Court of Appeals of Virginia. Argued at Salem, Virginia
Mar 16, 1999
Record No. 0519-98-3 (Va. Ct. App. Mar. 16, 1999)

Opinion

Record No. 0519-98-3

MARCH 16, 1999

FROM THE CIRCUIT COURT OF PITTSYLVANIA COUNTY William N. Alexander, II, Judge

(Jesse W. Meadows, III, on brief), for appellant. Appellant submitting on brief.

Marla Graff Decker, Assistant Attorney General (Mark L. Earley, Attorney General, on brief), for appellee.

Present: Judges Coleman, Bumgardner and Lemons


MEMORANDUM OPINION

Pursuant to Code § 17.1-413, recodifying Code § 17-116.010, this opinion is not designated for publication.


Ronnie Dwayne Marlowe appeals his conviction of contempt for failing to provide health insurance for his children. He argues that the conviction is a second prosecution for the same offense that violates the prohibition against double jeopardy.
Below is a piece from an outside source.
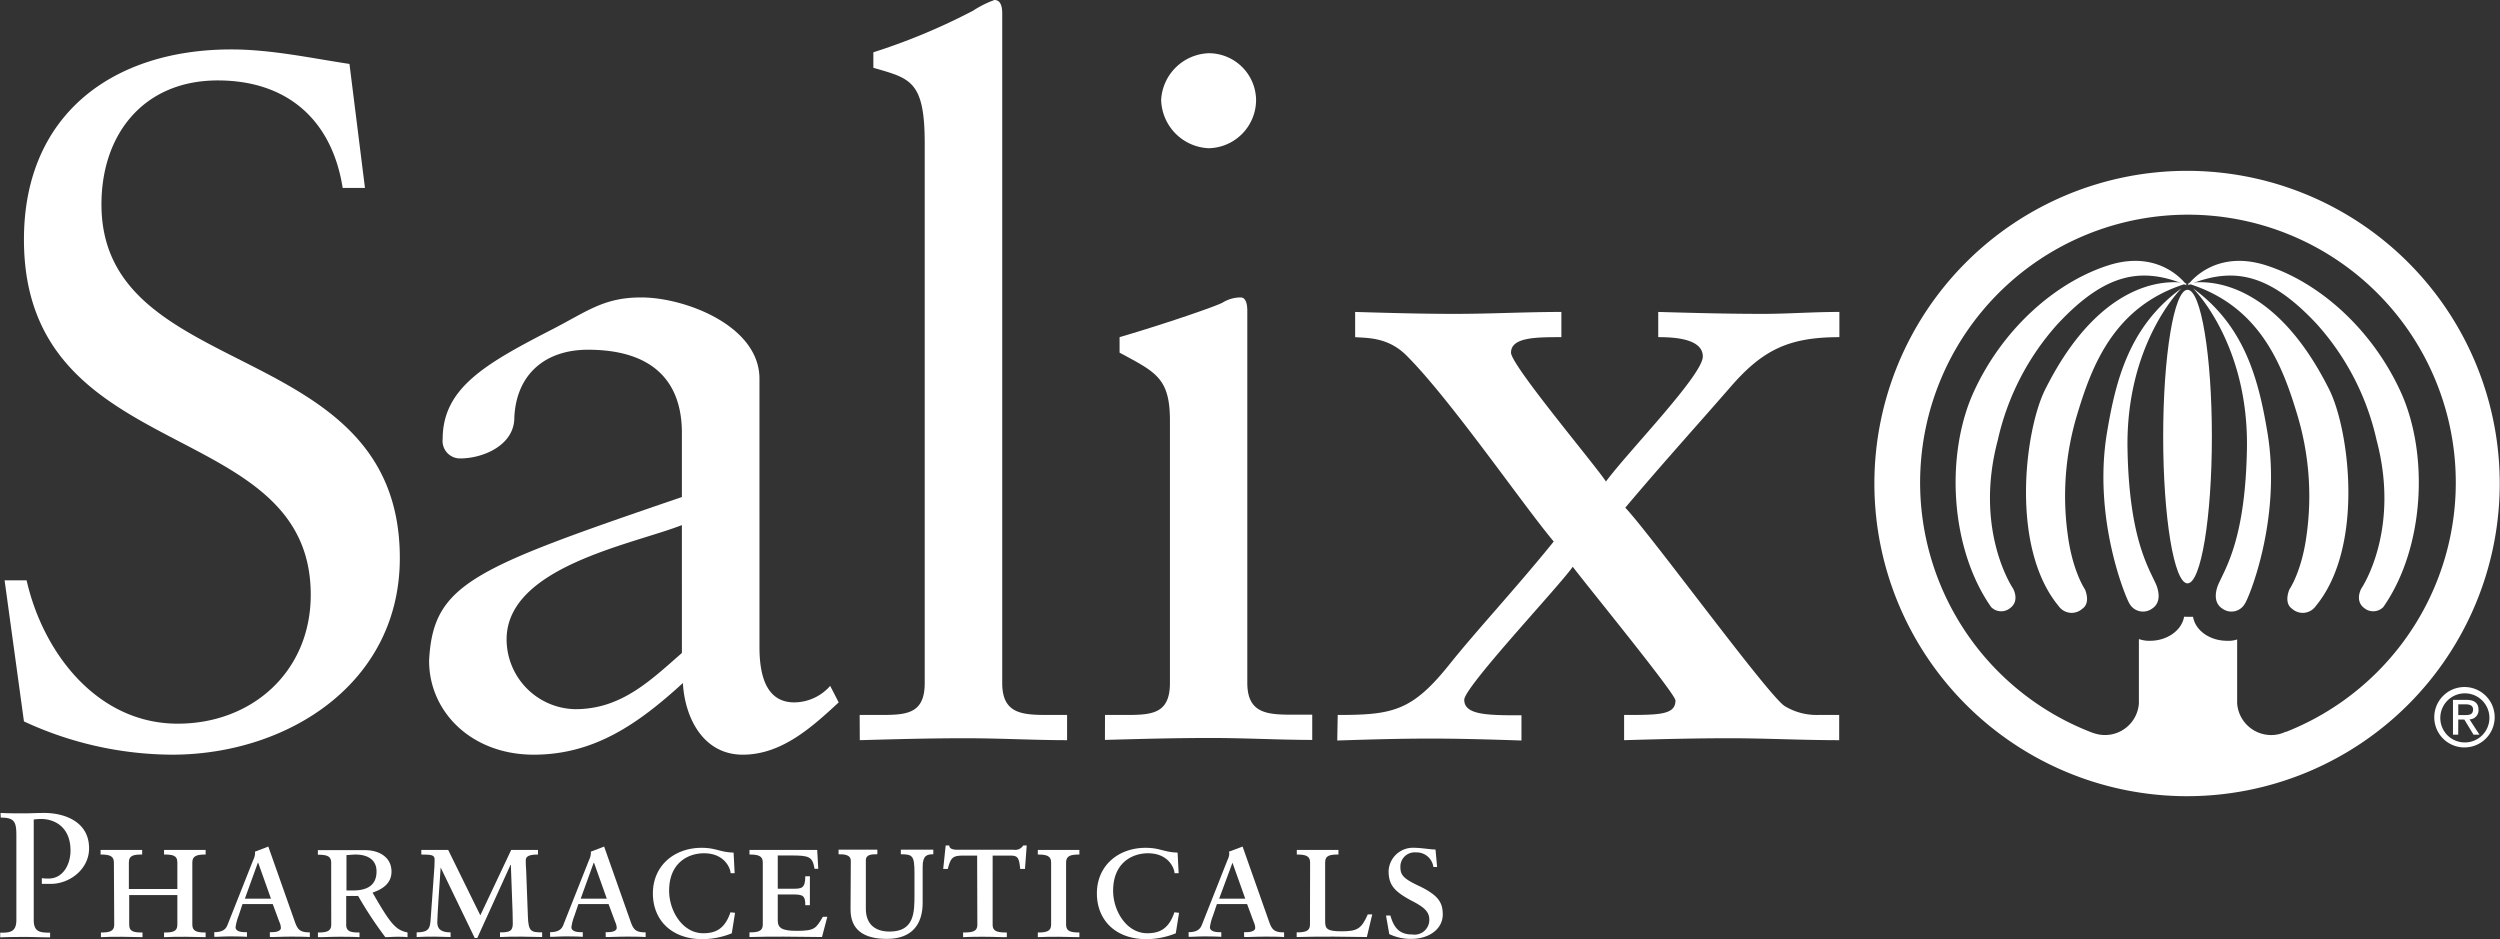 <svg id="Art" xmlns="http://www.w3.org/2000/svg" viewBox="0 0 375.79 141.17"><rect x="0" y="0" width="375.79" height="141.17" fill="#333333" stroke="none"/><defs><style>.cls-1{fill:#fff;}</style></defs><title>SAL_Logo_KO</title><path class="cls-1" d="M.69,87.23H4c2.47,10.92,10.63,21.55,22.71,21.55,11.22,0,20-7.86,20-19.37C46.71,62.33,3.6,70.34,3.6,36,3.6,17.18,17,7.43,34.76,7.43c6,0,12,1.31,17.77,2.18l2.33,18.64H51.51c-1.6-10.19-8.3-16.16-18.78-16.16-11.07,0-17.48,8-17.48,18.64,0,27.08,44.85,19.66,44.85,53.15,0,18.93-17,29.56-34.22,29.56a53.36,53.36,0,0,1-22.28-5Z"/><path class="cls-1" d="M102.5,98.15c-4.8,4.22-9.17,8.45-16,8.45A10.51,10.51,0,0,1,76.15,96.11c0-10.92,18.93-14.27,26.35-17.18Zm22.29,4.95a7.25,7.25,0,0,1-5.39,2.48c-3.21,0-5.24-2.33-5.24-8.3V56.94c0-8-11.22-12.23-17.77-12.23-5.53,0-8,2-13.11,4.66C73.09,54.61,66.54,58.25,66.54,66a2.62,2.62,0,0,0,2.62,2.91c3.49,0,8.15-2,8.15-6.12C77.6,56.21,82,52.57,88.38,52.57c9.32,0,14.12,4.37,14.12,12.52v9.62c-31.45,10.77-37.42,13-38,24.61,0,7.71,6.4,14.12,15.72,14.12,9,0,15.59-4.51,22.43-10.77.29,5.24,3.06,10.77,9,10.77,5.82,0,10.34-4.08,14.42-7.86Z"/><path class="cls-1" d="M129.22,107.47H132c4.08,0,7,0,7-4.8V21.55c0-9.46-2.19-9.75-7.72-11.36V7.86a93.13,93.13,0,0,0,15-6.26,15.28,15.28,0,0,1,3.2-1.6c.88,0,1.17.87,1.17,2V102.67c0,4.8,3.2,4.8,7.28,4.8h2.47v3.79c-4.95,0-10-.29-15.29-.29s-10.48.14-15.87.29Z"/><path class="cls-1" d="M166.1,107.47h2.76c4.08,0,7,0,7-4.8V63.2c0-6.41-2.18-7.28-7.57-10.19V50.68c6.84-2,15-4.81,15.58-5.25a5.15,5.15,0,0,1,2.62-.72c.73,0,1,.87,1,2v55.92c0,4.8,3.21,4.8,7.28,4.8h2.48v3.79c-4.95,0-10-.29-15.29-.29s-10.49.14-15.87.29Zm15.58-85.19A7.47,7.47,0,0,1,174.54,15a7.43,7.43,0,0,1,7.14-7,7.12,7.12,0,0,1,7.13,7A7.27,7.27,0,0,1,181.68,22.28Z"/><path class="cls-1" d="M201.08,107.47c8.3,0,11.21-.58,16.89-7.72,4.08-5.09,10.05-11.5,15.58-18.35C229,76,218,60,211.42,53.44c-2.77-2.76-5.83-2.62-7.72-2.76V46.89c5,.15,10.05.29,15,.29,5.39,0,10.63-.29,16-.29v3.79c-3.79,0-7.57,0-7.57,2.33,0,1.89,12.66,16.89,14.27,19.37,3.34-4.52,14.56-16,14.56-18.79s-4.66-2.91-6.7-2.91V46.89c5.24.15,10.48.29,15.73.29,3.78,0,7.42-.29,11.5-.29v3.79c-7.57,0-11.5,1.89-16.31,7.42s-10.48,11.8-15.87,18.21c4.08,4.37,21.7,28.54,24,29.85a9.22,9.22,0,0,0,4.95,1.31h3.2v3.79c-5.68,0-11.07-.29-16.45-.29s-10.64.14-15.88.29v-3.79c5.24,0,7.72,0,7.72-2.18,0-1-13.25-17.19-15.44-20.1-1.89,2.77-16.31,18.06-16.31,20,0,2.33,3.65,2.33,8.6,2.33v3.79c-4.52-.15-9.18-.29-13.69-.29-4.66,0-9.32.14-14,.29Z"/><path class="cls-1" d="M.08,122.2c1.2.06,2.4.06,3.61.06.9,0,1.84-.06,3-.06,2.75,0,6.7,1.15,6.7,5.32,0,3.15-2.93,5.34-5.74,5.34-.53,0-1,0-1.36,0V132a5.82,5.82,0,0,0,1,.06c2.29,0,3.31-2.27,3.31-4.2,0-3.71-2.59-4.75-4.36-4.75a6.79,6.79,0,0,0-1.17.08v15.09c0,1.87,1,1.9,2.46,1.92v.7c-1.3,0-2.45-.06-3.63-.06s-2.53,0-3.87.06v-.7c1.42,0,2.43-.05,2.43-1.92V125.52c0-2.06-.35-2.62-2.35-2.62Z"/><path class="cls-1" d="M17.12,129.63c0-1-.72-1.18-2-1.18v-.69c1,0,2.06,0,3.07,0s2.2,0,3.18,0v.69c-1.17,0-2,.08-2,1.18v4h7.29v-4c0-1.1-.8-1.18-2-1.18v-.69c1,0,2.11,0,3.18,0s2.06,0,3.07,0v.69c-1.25,0-2,.16-2,1.18V139c0,1,.72,1.17,2,1.17v.7c-1,0-2.05-.06-3.07-.06s-2.19,0-3.18.06v-.7c1.18,0,2-.08,2-1.17v-4.46H19.42V139c0,1.09.8,1.17,2,1.17v.7c-1,0-2.11-.06-3.18-.06s-2.05,0-3.07.06v-.7c1.26,0,2-.16,2-1.17Z"/><path class="cls-1" d="M40.73,135.08H36.81l1.95-5.4h.05Zm-.16,5.77c1,0,2-.06,3-.06s2,0,3,.06v-.7c-1.41,0-1.81-.35-2.24-1.57l-4-11.33-2,.77a2.65,2.65,0,0,1,0,.38,2.56,2.56,0,0,1-.27.88L34.21,139c-.21.56-.61,1.12-2,1.12v.7c.72,0,1.49-.06,2.19-.06.91,0,1.81,0,2.72.06v-.7h-.32c-.51,0-1.39-.1-1.39-.75a7.66,7.66,0,0,1,.46-1.73l.58-1.74H41l1,2.7a2.15,2.15,0,0,1,.22.88c0,.46-.67.64-1.34.64h-.32Z"/><path class="cls-1" d="M52.08,133.85v-5.32c.27,0,1.07-.08,1.31-.08,2,0,3.21.86,3.21,2.54,0,2-1.29,2.86-3.53,2.86ZM49.79,139c0,1-.73,1.17-2,1.17v.7c1,0,2.06-.06,3.07-.06s2.19,0,3.18.06v-.7c-1.18,0-2-.08-2-1.17v-4.33a8.92,8.92,0,0,0,.91,0,8.65,8.65,0,0,0,.88,0,59,59,0,0,0,4.09,6.2c.59,0,1.15-.06,1.74-.06s1.09,0,1.6.06v-.7c-1.71-.4-2.41-1-5.26-6,1.84-.61,2.85-1.63,2.85-3.15,0-2.14-1.81-3.23-4-3.23-.91,0-2.7,0-4,0-1,0-2.06,0-3.07,0v.69c1.25,0,2,.16,2,1.18Z"/><path class="cls-1" d="M76.84,127.76c.62,0,1.26,0,1.87,0s1.5,0,2.16,0v.69c-1.28,0-1.84.24-1.84.86,0,.43,0,.8.06,1.49l.26,6.95c.08,2.27.46,2.4,2.14,2.4v.7c-1,0-2.14-.06-3.15-.06s-2.17,0-3.18.06v-.7c1.42,0,1.92-.16,1.92-1.33,0-2-.18-5-.29-8.82h-.05l-5,11h-.38L66.24,130.4h0c-.19,2.59-.51,7.43-.51,8.26,0,1.07.69,1.49,2,1.49v.7c-.77,0-1.57-.06-2.35-.06s-1.87,0-2.75.06v-.7c1.79,0,2-.61,2.09-1.79l.5-6.94c.08-1,.11-1.55.11-2.22s-.43-.75-2-.75v-.69c.78,0,1.58,0,2.35,0,.54,0,1.18,0,1.69,0l4.83,9.83Z"/><path class="cls-1" d="M91.21,135.08H87.29l1.95-5.4h.05Zm-.16,5.77c1,0,2-.06,3-.06s2,0,3,.06v-.7c-1.41,0-1.81-.35-2.24-1.57l-4-11.33-2,.77a2.65,2.65,0,0,1,0,.38,2.56,2.56,0,0,1-.27.88L84.69,139c-.21.56-.61,1.12-2,1.12v.7c.72,0,1.49-.06,2.19-.06.91,0,1.81,0,2.72.06v-.7h-.32c-.51,0-1.39-.1-1.39-.75a7.66,7.66,0,0,1,.46-1.73l.59-1.74h4.54l1,2.7a2.15,2.15,0,0,1,.22.88c0,.46-.67.64-1.34.64h-.32Z"/><path class="cls-1" d="M110,140.29a11.87,11.87,0,0,1-4.4.88c-4.73,0-7.46-2.94-7.46-6.87,0-4.22,3.26-6.86,7.32-6.86,2.19,0,2.65.64,4.81.72l.16,3.1h-.61c0-.62-.81-3-4-3-2.33,0-5.24,1.39-5.24,5.64,0,3,2,6.38,5.13,6.38,1.82,0,3.23-.61,4.09-3.15l.69.08Z"/><path class="cls-1" d="M123.56,140.85c-1.92,0-3.82-.06-5.74-.06-1.71,0-3.45,0-5.16.06v-.7c1.26,0,2-.16,2-1.17v-9.35c0-1-.72-1.18-2-1.18v-.69c1.21,0,2.41,0,3.61,0,2.19,0,4.41,0,6.57,0l.16,2.83h-.56c-.32-1.82-.77-2-3.53-2h-2v5h2.21c1.34,0,1.93,0,1.93-1.87h.69c0,.7,0,1.42,0,2.14s0,1.47,0,2.21h-.69c0-1.46-.35-1.62-1.93-1.62h-2.21v3.9c0,1.15.64,1.57,2.86,1.57,2.69,0,2.88-.35,3.92-2.11h.67Z"/><path class="cls-1" d="M127.89,129.41c0-1-1.12-1-1.84-1v-.69c1,0,2,0,3,0s1.92,0,2.83,0v.69c-.8,0-1.73,0-1.73.91v7.27c0,2.45,1.52,3.44,3.57,3.44,3.74,0,3.74-2.91,3.74-5.58v-3.15c0-2.67-.26-2.89-2.05-2.89v-.69c.88,0,1.79,0,2.67,0s1.47,0,2.21,0v.69c-.9,0-1.6.14-1.6,1.87v5.43c0,3.07-1.47,5.42-5.37,5.42-3.42,0-5.47-1.31-5.47-4.41Z"/><path class="cls-1" d="M146.88,128.61h-2c-1.63,0-1.95.22-2.41,2h-.69l.37-3.52h.54c0,.51.61.64,1.17.64h8.52a1.38,1.38,0,0,0,1.42-.64h.53l-.26,3.52h-.72c-.16-1.71-.38-2-1.47-2h-2.67V139c0,1,.72,1.17,2.13,1.17v.7c-1.15,0-2.27-.06-3.34-.06s-2.05,0-3.23.06v-.7c1.42,0,2.14-.16,2.14-1.17Z"/><path class="cls-1" d="M158,129.63c0-1-.72-1.18-2-1.18v-.69c1,0,2.06,0,3.07,0s2.19,0,3.18,0v.69c-1.25,0-2,.16-2,1.18V139c0,1,.72,1.17,2,1.17v.7c-1,0-2.11-.06-3.18-.06s-2.05,0-3.07.06v-.7c1.26,0,2-.16,2-1.17Z"/><path class="cls-1" d="M176.74,140.29a11.92,11.92,0,0,1-4.41.88c-4.73,0-7.45-2.94-7.45-6.87,0-4.22,3.26-6.86,7.32-6.86,2.19,0,2.64.64,4.81.72l.16,3.1h-.62c0-.62-.8-3-4-3-2.32,0-5.23,1.39-5.23,5.64,0,3,2,6.38,5.13,6.38,1.81,0,3.23-.61,4.08-3.15l.7.08Z"/><path class="cls-1" d="M187.18,135.08h-3.92l2-5.4h0Zm-.16,5.77c1,0,2-.06,3-.06s2,0,3,.06v-.7c-1.41,0-1.81-.35-2.24-1.57l-4-11.33-2.05.77a1.73,1.73,0,0,1,.05.38,2.56,2.56,0,0,1-.27.88L180.67,139c-.22.56-.62,1.12-2,1.12v.7c.72,0,1.49-.06,2.19-.06.91,0,1.81,0,2.72.06v-.7h-.32c-.5,0-1.39-.1-1.39-.75a7.66,7.66,0,0,1,.46-1.73l.59-1.74h4.54l1,2.7a2.15,2.15,0,0,1,.22.88c0,.46-.67.64-1.34.64H187Z"/><path class="cls-1" d="M196.93,129.63c0-1-.72-1.18-2-1.18v-.69c1,0,2.06,0,3.08,0s2.19,0,3.18,0v.69c-1.18,0-2,.08-2,1.18v8.89c0,1.12.35,1.47,2.46,1.47,2.37,0,3-.37,3.95-2.54h.67l-.81,3.4c-.69,0-4.16-.06-4.94-.06-1.87,0-3.74,0-5.61.06v-.7c1.26,0,2-.16,2-1.17Z"/><path class="cls-1" d="M208.34,137.62H209c.53,1.86,1.36,2.85,3.31,2.85a2.22,2.22,0,0,0,2.54-2.21c0-1.1-.61-1.79-2.4-2.73-2.94-1.52-3.72-2.54-3.72-4.62a3.66,3.66,0,0,1,3.9-3.47c1,0,2.27.24,3.15.26l.24,2.62h-.56a2.54,2.54,0,0,0-2.64-2.19,2.14,2.14,0,0,0-2.32,2.14c0,1.28.4,1.79,3,3,2.83,1.39,3.37,2.51,3.37,4.2,0,2.13-2,3.66-4.73,3.66a7.51,7.51,0,0,1-3.31-.72Z"/><path class="cls-1" d="M366.82,107.8a3.69,3.69,0,1,1,3.7,3.8A3.67,3.67,0,0,1,366.82,107.8Zm3.7,4.55a4.54,4.54,0,1,0-4.61-4.55A4.53,4.53,0,0,0,370.52,112.35Zm-1-4.19h.91l1.38,2.27h.89l-1.49-2.3a1.36,1.36,0,0,0,1.35-1.44c0-1-.61-1.49-1.84-1.49h-2v5.23h.79Zm0-.67v-1.62h1.08c.55,0,1.14.12,1.14.77,0,.81-.6.85-1.28.85Z"/><path class="cls-1" d="M328.84,42.89s3.79-5.57,11.81-3,15.92,9.62,20.21,19,3.59,23.5-2.61,32.36a2.13,2.13,0,0,1-2.82.19c-1.57-1.13-.47-3-.47-3s5.9-8.65,2.28-22.28a38.63,38.63,0,0,0-9-17.46C341.14,41.1,335.67,40,328.84,42.89Z"/><path class="cls-1" d="M328.85,42.61s11.78-3.11,21.3,16c3,6.07,5.28,23.63-2.06,32.5a2.39,2.39,0,0,1-3.55.4c-1.33-.92-.39-2.94-.39-2.94s1.86-2.69,2.58-8.23a42.31,42.31,0,0,0-1.45-18.12C343.1,55,339.74,45.92,328.85,42.61Z"/><path class="cls-1" d="M329.65,43.35s8.39,8.23,8.1,24.16c-.24,13.24-3.11,17.7-4.26,20.24-.41.91-.91,2.81.59,3.75a2.31,2.31,0,0,0,3.35-.74C338,90,343,78,340.83,65,339.49,57,337.41,49,329.65,43.35Z"/><path class="cls-1" d="M328.75,25.68a47,47,0,1,0,47,47A47,47,0,0,0,328.75,25.68ZM359.22,99a40.36,40.36,0,0,1-15.56,11h-.1a5,5,0,0,1-2.17.49,5.13,5.13,0,0,1-5.11-4.74V96.12l0,0a4,4,0,0,1-1.52.2c-2.62,0-4.78-1.57-5.11-3.61H328.3c-.33,2-2.49,3.61-5.11,3.61a4.46,4.46,0,0,1-1.61-.24h-.07v9.65a5.11,5.11,0,0,1-7,4.39l.3.13A40.26,40.26,0,1,1,359.22,99Z"/><path class="cls-1" d="M332.48,65.62c0,12.19-1.64,22.07-3.66,22.07s-3.66-9.88-3.66-22.07,1.64-22.06,3.66-22.06S332.48,53.44,332.48,65.62Z"/><path class="cls-1" d="M328.71,42.89s-3.8-5.57-11.81-3-15.92,9.62-20.21,19-3.6,23.5,2.61,32.36a2.11,2.11,0,0,0,2.81.19c1.58-1.13.47-3,.47-3s-5.9-8.65-2.28-22.28a38.63,38.63,0,0,1,9-17.46C316.4,41.1,321.87,40,328.71,42.89Z"/><path class="cls-1" d="M328.7,42.61s-11.78-3.11-21.31,16c-3,6.07-5.28,23.63,2.06,32.5a2.39,2.39,0,0,0,3.55.4c1.34-.92.39-2.94.39-2.94s-1.86-2.69-2.58-8.23a42.31,42.31,0,0,1,1.45-18.12C314.44,55,317.8,45.92,328.7,42.61Z"/><path class="cls-1" d="M327.9,43.35s-8.39,8.23-8.1,24.16c.24,13.24,3.1,17.7,4.25,20.24.41.91.92,2.81-.58,3.75a2.32,2.32,0,0,1-3.36-.74C319.59,90,314.54,78,316.72,65,318.05,57,320.13,49,327.9,43.35Z"/></svg>

Finding that he has failed to provide an adequate record on appeal, we dismiss his appeal.

In 1988, the juvenile and domestic relations district court ordered the defendant to provide health insurance for his children. That court issued a show cause order. The defendant appealed to the circuit court, and it held him in contempt. The circuit court sentenced the defendant to six months in jail suspended on the condition that he obtain the health insurance. On April 16, 1997, the defendant was returned to court for failure to provide health insurance. The trial court found him guilty and imposed the previously suspended six-month sentence. The defendant served the sentence from April 8, 1997 through July 3, 1997.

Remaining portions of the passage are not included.